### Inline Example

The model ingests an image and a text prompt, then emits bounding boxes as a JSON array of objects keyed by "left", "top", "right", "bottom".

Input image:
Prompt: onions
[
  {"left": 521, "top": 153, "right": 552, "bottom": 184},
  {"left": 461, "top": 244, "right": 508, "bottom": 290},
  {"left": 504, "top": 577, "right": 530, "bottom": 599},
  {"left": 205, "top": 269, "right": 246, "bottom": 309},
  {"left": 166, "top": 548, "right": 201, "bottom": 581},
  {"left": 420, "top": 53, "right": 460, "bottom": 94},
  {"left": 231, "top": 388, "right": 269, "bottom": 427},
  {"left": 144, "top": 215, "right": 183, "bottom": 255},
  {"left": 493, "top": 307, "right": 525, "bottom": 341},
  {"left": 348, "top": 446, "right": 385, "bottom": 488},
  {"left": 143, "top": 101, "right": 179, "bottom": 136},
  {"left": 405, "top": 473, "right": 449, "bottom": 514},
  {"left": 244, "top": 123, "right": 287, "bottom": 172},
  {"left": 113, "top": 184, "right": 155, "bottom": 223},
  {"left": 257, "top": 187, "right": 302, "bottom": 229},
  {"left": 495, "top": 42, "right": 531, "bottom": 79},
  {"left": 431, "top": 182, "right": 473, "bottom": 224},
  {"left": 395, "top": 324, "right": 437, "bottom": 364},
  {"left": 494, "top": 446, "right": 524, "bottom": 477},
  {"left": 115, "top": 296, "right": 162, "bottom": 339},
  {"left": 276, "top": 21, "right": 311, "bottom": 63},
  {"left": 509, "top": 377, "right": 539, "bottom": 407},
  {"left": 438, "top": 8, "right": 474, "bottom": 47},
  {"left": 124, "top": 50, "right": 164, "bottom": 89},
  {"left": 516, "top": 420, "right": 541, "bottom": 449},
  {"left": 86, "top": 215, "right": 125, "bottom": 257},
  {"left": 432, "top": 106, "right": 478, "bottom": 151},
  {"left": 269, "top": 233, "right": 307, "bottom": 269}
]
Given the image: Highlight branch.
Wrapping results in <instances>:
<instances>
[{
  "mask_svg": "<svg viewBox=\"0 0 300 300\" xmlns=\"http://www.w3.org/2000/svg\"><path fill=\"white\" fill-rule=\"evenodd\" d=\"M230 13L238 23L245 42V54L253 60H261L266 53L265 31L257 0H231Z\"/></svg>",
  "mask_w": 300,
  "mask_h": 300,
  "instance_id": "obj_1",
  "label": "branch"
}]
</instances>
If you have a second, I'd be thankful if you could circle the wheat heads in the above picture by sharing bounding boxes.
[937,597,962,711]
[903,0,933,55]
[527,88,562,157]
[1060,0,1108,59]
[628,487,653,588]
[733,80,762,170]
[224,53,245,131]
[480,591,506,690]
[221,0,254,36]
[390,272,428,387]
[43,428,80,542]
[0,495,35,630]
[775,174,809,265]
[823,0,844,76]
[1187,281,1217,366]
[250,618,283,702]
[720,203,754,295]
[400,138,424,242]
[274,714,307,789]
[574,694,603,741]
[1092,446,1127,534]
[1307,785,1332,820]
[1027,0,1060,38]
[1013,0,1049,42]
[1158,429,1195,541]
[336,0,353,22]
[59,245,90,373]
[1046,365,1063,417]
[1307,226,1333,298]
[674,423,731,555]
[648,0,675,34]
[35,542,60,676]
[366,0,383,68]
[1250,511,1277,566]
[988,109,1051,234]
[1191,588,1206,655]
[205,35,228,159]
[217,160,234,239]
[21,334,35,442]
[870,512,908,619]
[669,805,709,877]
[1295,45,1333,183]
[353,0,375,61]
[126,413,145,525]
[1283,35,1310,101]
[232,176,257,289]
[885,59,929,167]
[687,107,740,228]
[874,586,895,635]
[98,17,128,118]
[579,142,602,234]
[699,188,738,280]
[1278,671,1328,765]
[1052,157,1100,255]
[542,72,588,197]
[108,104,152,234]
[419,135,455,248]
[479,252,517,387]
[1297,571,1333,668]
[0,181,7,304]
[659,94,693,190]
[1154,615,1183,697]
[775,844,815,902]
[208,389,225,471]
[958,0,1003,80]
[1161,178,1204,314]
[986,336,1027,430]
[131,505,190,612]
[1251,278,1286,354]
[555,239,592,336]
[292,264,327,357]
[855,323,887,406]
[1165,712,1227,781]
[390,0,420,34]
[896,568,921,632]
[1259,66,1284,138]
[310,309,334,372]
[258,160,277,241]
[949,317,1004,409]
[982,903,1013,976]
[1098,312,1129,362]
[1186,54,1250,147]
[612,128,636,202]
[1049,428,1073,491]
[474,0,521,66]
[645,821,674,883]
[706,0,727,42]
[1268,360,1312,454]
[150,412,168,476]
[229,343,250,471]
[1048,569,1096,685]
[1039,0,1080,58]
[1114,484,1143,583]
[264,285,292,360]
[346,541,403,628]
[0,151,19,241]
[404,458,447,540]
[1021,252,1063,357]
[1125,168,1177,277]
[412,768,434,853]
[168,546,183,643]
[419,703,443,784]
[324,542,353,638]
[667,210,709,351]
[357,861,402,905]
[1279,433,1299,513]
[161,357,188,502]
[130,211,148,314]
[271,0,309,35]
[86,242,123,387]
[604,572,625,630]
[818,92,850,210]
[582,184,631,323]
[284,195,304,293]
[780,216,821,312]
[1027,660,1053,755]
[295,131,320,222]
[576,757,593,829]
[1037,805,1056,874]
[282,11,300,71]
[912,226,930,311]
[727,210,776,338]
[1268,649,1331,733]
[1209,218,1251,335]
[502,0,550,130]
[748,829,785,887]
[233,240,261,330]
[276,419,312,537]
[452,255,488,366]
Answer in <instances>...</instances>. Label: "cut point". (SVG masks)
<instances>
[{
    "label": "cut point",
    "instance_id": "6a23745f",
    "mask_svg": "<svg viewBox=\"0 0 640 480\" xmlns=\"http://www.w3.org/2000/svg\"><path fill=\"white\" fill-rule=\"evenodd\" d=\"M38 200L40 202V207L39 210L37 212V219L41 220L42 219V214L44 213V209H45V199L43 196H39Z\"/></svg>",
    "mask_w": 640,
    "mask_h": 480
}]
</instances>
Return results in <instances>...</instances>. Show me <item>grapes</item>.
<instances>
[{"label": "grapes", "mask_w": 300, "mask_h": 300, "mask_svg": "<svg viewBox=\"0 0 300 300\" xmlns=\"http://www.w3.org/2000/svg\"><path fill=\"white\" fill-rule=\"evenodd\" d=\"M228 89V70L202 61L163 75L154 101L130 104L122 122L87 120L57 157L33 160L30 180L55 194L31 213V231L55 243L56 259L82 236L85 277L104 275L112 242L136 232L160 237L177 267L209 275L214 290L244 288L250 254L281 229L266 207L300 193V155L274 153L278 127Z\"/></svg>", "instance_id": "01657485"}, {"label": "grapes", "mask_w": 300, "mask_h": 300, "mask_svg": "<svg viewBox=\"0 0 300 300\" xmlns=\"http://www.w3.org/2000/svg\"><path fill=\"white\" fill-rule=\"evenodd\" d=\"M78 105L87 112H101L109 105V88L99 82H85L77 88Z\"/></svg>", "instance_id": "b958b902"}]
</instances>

━━━━━━

What is expected: What lines in the listing include the string "image"? Copy them out.

Finished task:
The model ingests an image and a text prompt, then emits bounding boxes as a JSON array of objects keyed by "left", "top", "right", "bottom".
Input image:
Given the image: Highlight branch.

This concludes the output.